4. Schedule time for you 
Most of us don’t schedule time for themselves, not because we don’t want to, but because we feel selfish or value other tasks more. Trust me, I know. However, as you probably know by now, if you don’t take care of yourself, you will never be able to care for others or your business to the degree you want. Think about how much more you can help your family, friends and community if you’re at 100% vs running on empty. Think of this time as an investment into helping others, the more time you put into it, the better your ROI. When you schedule in things you love, it will also increase your mood throughout the day, as you know you have this time to look forward too. Aim for 3 hours a week, and try to work up to one hour a day. These activities can be anything, but make sure they are something that gets you excited. 

5. Schedule your vacations
Vacations are not usually something people consider scheduling in during their weekly planning, however, the anticipation that comes from knowing you are treating yourself and your social circle to a magical getaway has a lot of mood boosting benefits. 

6. Close positive friend group
We’ve all heard the saying that we become the average of the five people who are closest to us. This is all the more reason to choose a positive friend group. Having a social circle most definitely impacts our ability to be more resilient in the face of stress and can have tremendous impact on our motivation and emotional health. However, we must be protective over who we let into our lives. Energy vampires can really drain us of our precious energy, and positive people can really boost our mood and energy levels. 

7. Control Your Blood Sugar
A major stressor not frequently talked about, and arguable the most prevalent one in our society, is blood sugar dysregulation, or spikes and dips in blood sugar. I know this is difficult to hear, as nothing fixes that mid-afternoon dip like a nice sugar spike, but this is only contributing to the negative cycle of low energy and weight gain. Make sure you are eating high quality protein with every meal, fibre-rich carbohydrates such as sweet potatoes, vegetables, quinoa, beans etc.. and good quality fats like olive oil, nuts or avocado with every meal, and eliminate the high-sugar processed foods and drinks.

8. Nature Walks
Our end goal when trying to prevent chronic fatigue is to reduce stress, known in the body as sympathetic stimulation, and increase rest and healing, known as parasympathetic stimulation. One of the best bangs for your buck is walking in areas surrounded by nature. This is a very common therapy in Japan for many ailments, including cancer, due to it’s ability to heal and restore the body. Another option is called grounding, where you simply walk on grass or soil barefoot. This has also shown to have strong anti-inflammatory effects. I know it sounds odd, but try it, it could be more powerful at waking you up than that cup of coffee you were thinking about all morning. 

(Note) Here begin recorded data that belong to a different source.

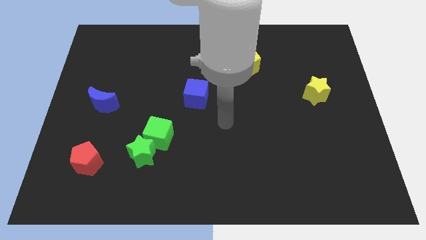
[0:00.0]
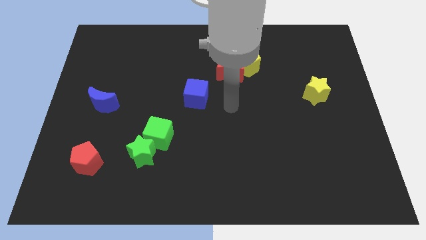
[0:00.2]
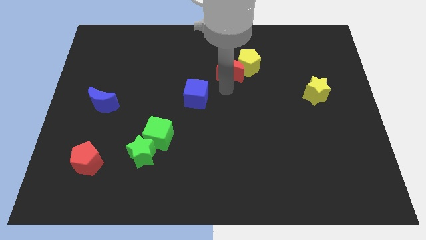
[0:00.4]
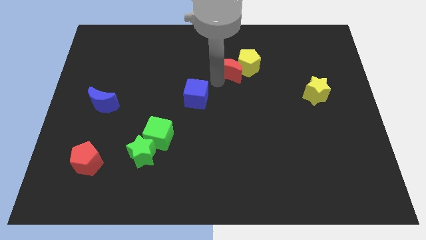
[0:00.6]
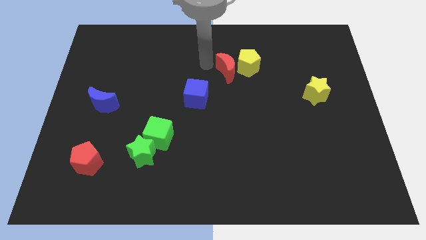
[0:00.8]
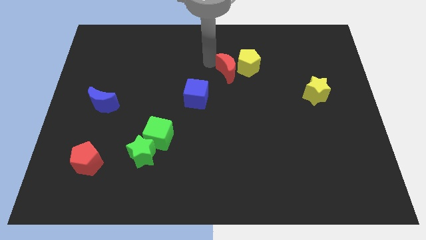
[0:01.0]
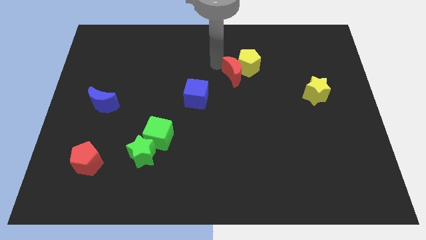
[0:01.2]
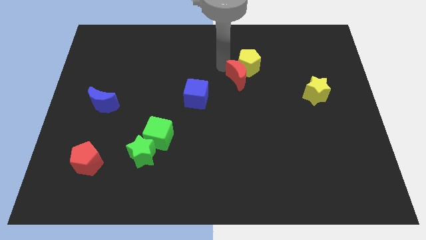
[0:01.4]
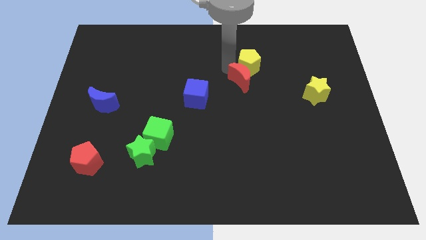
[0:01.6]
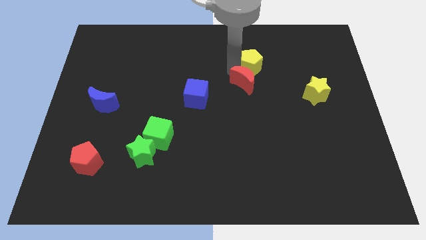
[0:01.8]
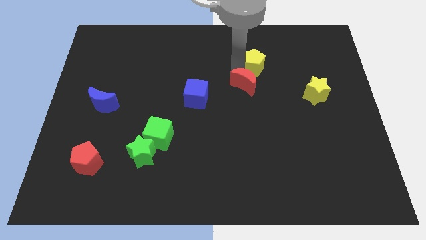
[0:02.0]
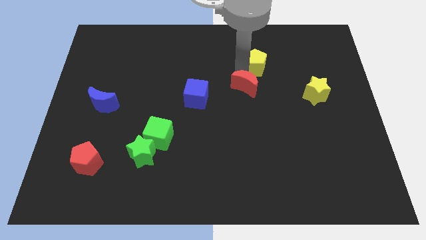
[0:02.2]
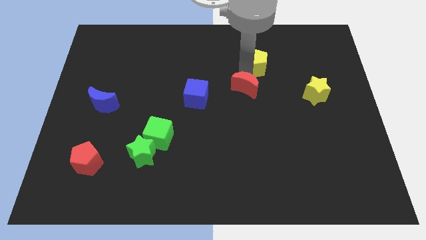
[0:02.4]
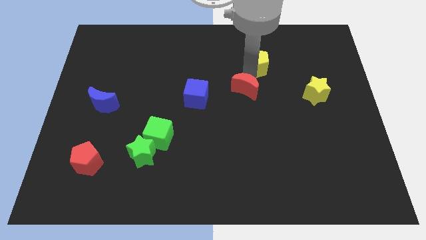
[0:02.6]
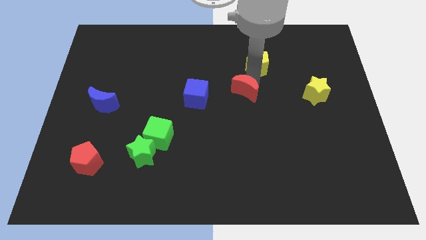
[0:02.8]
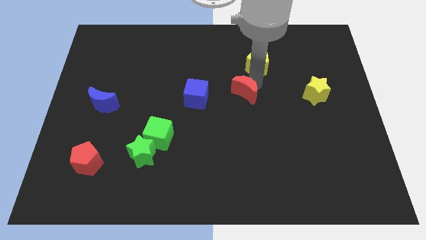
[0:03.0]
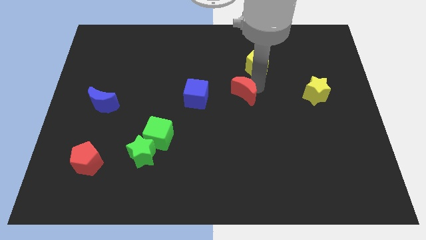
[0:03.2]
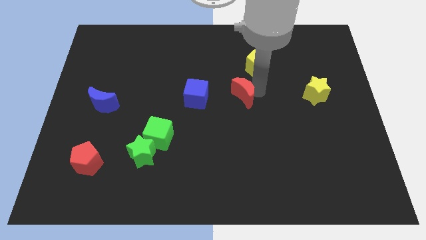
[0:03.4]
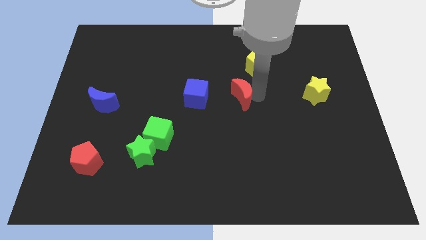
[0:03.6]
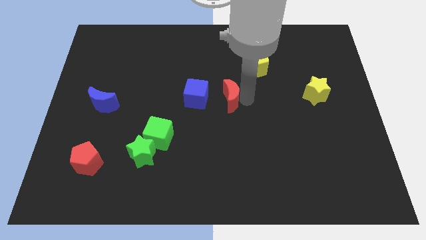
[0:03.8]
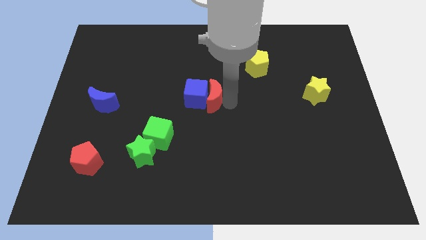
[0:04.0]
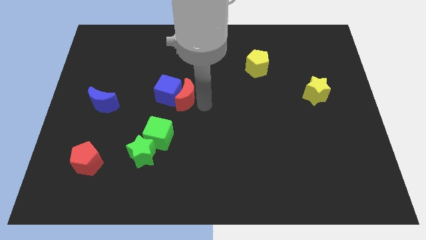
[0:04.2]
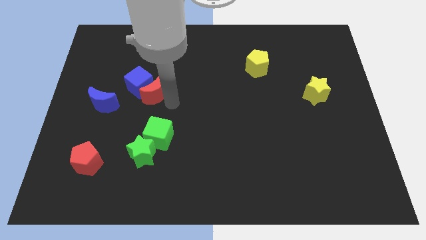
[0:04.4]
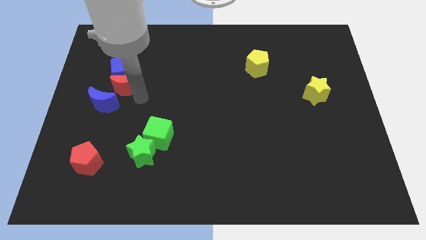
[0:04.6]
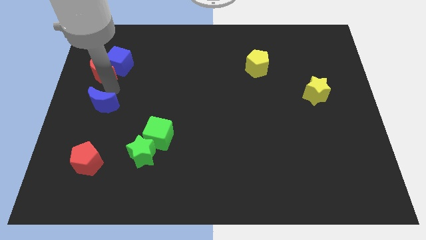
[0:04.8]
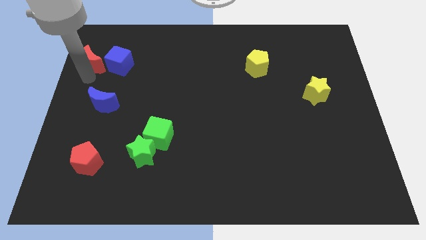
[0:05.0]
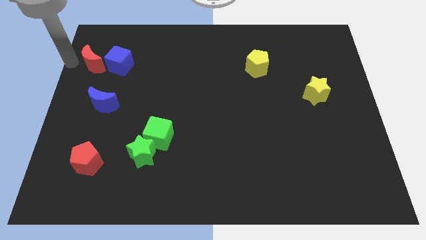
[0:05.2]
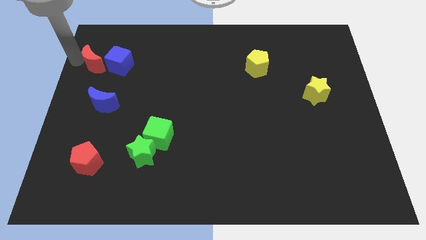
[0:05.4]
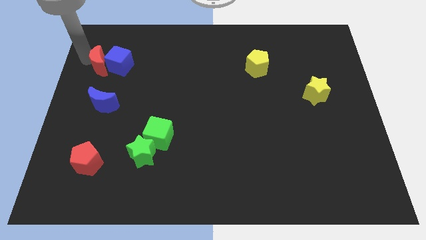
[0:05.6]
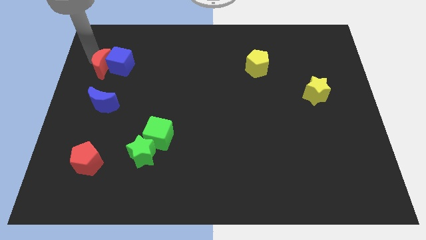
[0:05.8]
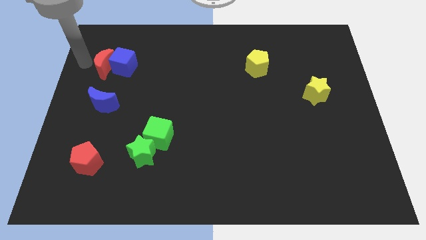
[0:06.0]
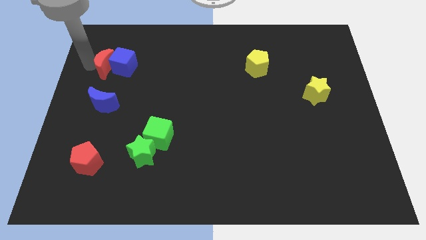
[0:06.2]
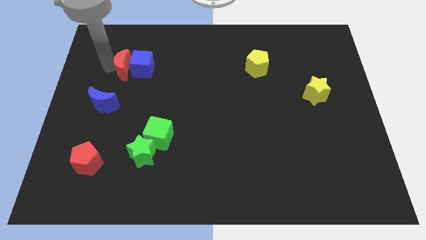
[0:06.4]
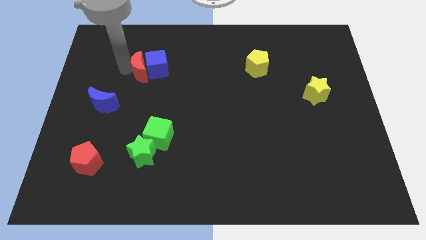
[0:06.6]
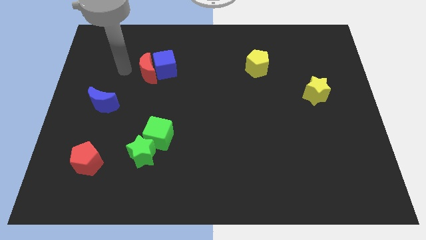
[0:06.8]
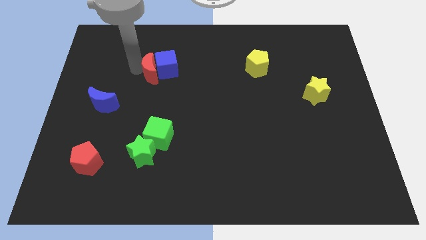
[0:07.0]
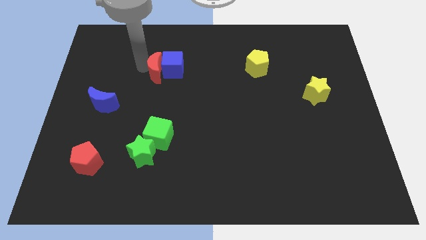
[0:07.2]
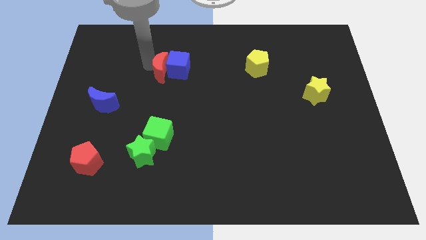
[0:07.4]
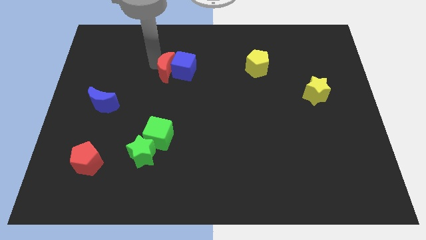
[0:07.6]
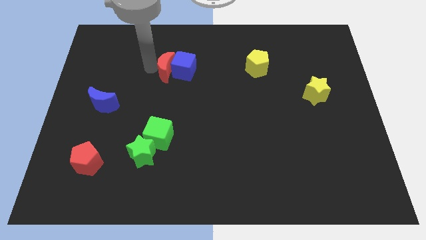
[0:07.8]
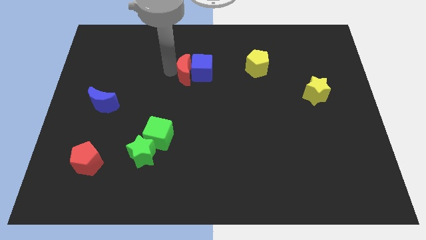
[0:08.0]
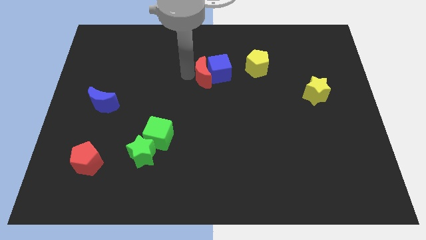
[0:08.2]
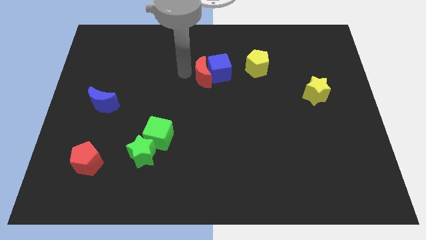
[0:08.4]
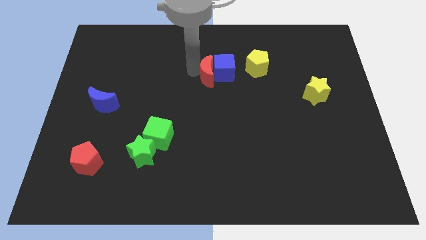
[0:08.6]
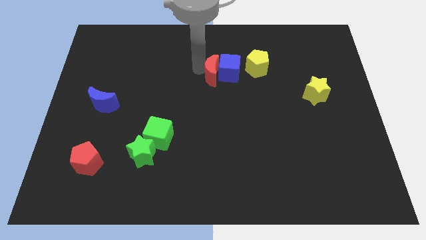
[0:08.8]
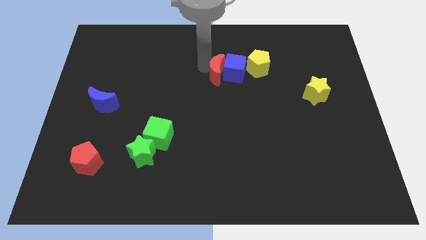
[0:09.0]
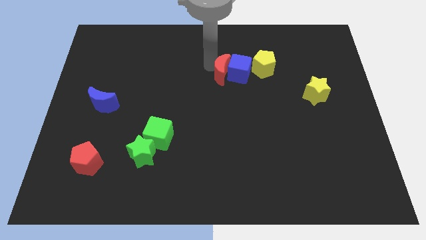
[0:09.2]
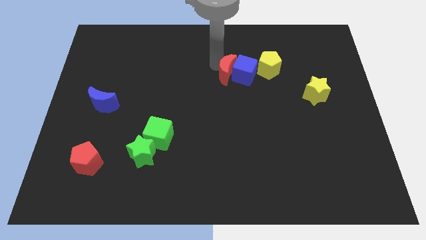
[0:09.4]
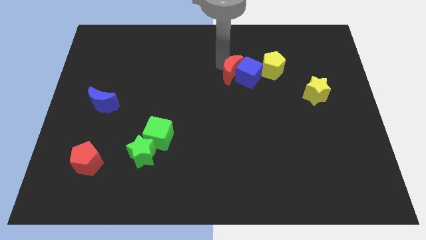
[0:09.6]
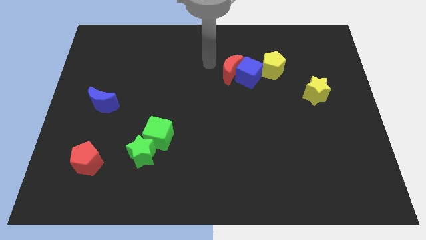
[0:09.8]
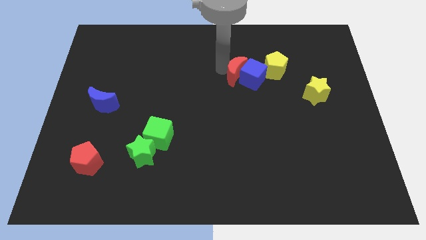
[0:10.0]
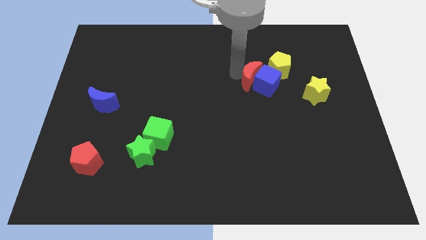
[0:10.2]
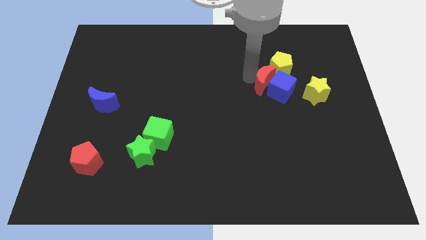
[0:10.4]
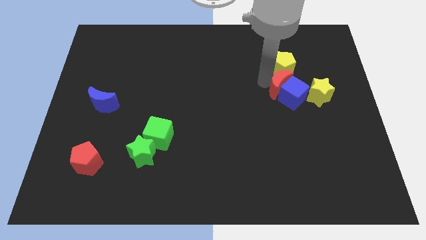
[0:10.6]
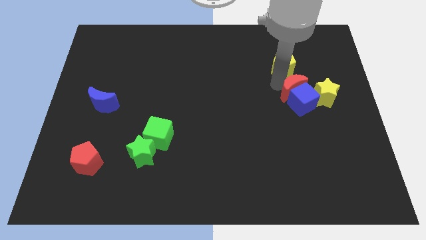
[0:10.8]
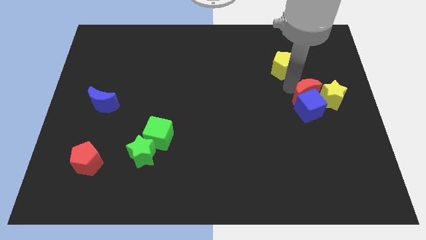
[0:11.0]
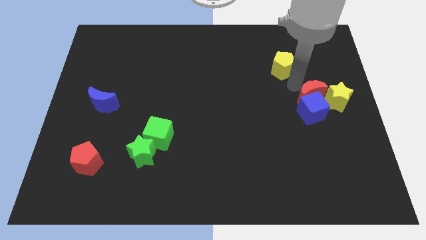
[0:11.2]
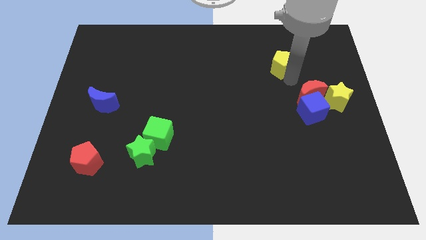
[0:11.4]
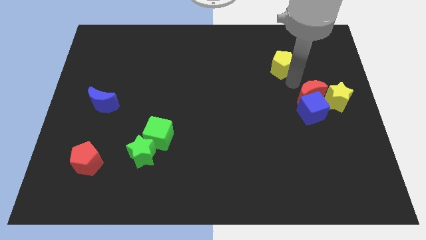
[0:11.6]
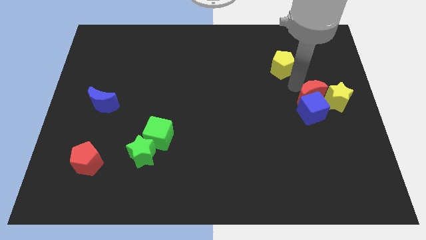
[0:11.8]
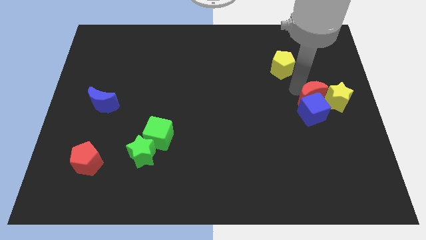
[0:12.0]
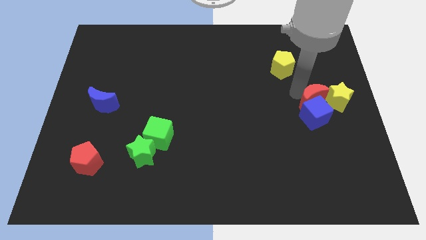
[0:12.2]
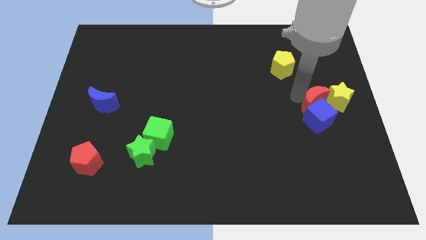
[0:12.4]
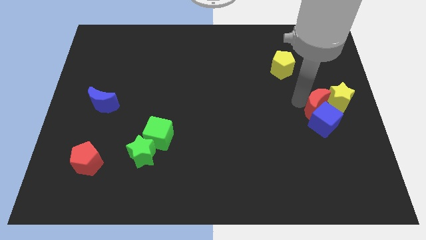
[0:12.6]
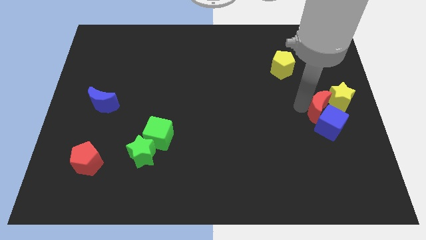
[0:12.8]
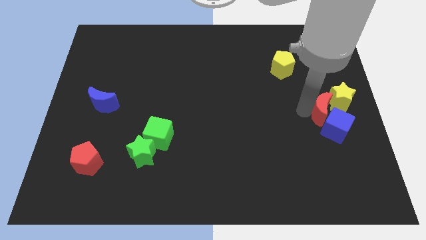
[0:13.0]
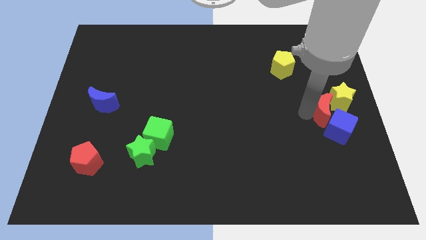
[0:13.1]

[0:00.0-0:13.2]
slide the red moon to the right side of the board

9. Get light exposure in the afternoons
Our days in the sun have been replaced by days in front of the screen. This has had far reaching effects on our health. Even a couple minutes a day of direct sunlight (it doesn’t count if it’s through a window) can increase dopamine release in the brain (our get stuff done and motivation molecule) as well as increase serotonin production (our feel good molecule) which is needed for melatonin (our go to sleep molecule). This direct sun exposure will also give you a dose of vitamin D which has tremendous health benefits in of it’s own, including giving a boost to the immune system. 

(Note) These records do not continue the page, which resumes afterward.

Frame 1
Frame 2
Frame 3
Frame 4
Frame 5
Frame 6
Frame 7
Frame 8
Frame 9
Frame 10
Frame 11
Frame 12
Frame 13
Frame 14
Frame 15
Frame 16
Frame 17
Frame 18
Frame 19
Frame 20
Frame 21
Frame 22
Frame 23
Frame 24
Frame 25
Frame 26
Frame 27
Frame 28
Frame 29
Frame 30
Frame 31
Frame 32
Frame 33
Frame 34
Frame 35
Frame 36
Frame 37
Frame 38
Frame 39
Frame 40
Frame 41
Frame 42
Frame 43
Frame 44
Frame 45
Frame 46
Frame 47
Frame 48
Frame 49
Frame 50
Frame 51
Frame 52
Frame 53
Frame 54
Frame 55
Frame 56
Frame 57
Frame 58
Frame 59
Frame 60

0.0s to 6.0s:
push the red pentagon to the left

10. Exercise, in moderation 
This one was saved for last, as it is a tricky topic. Although exercise is very important in keeping us physically and mentally sharp and healthy, too much can definitely add to the stress we have and make us more likely to suffer from chronic fatigue. The trick is to listen to your body. If you are tired and worn down, your body does not have the reserves to go for a hard run or workout (even if you feel temporarily better afterwards). Instead, opt for a walk, yoga, tai chi or light excercises that won’t raise your heart rate too much. An added bonus would be to go for a walk barefoot, in the sun, around nature. To make sure you keep or build your muscle mass, try to aim for a brief strength training workout once or twice a week.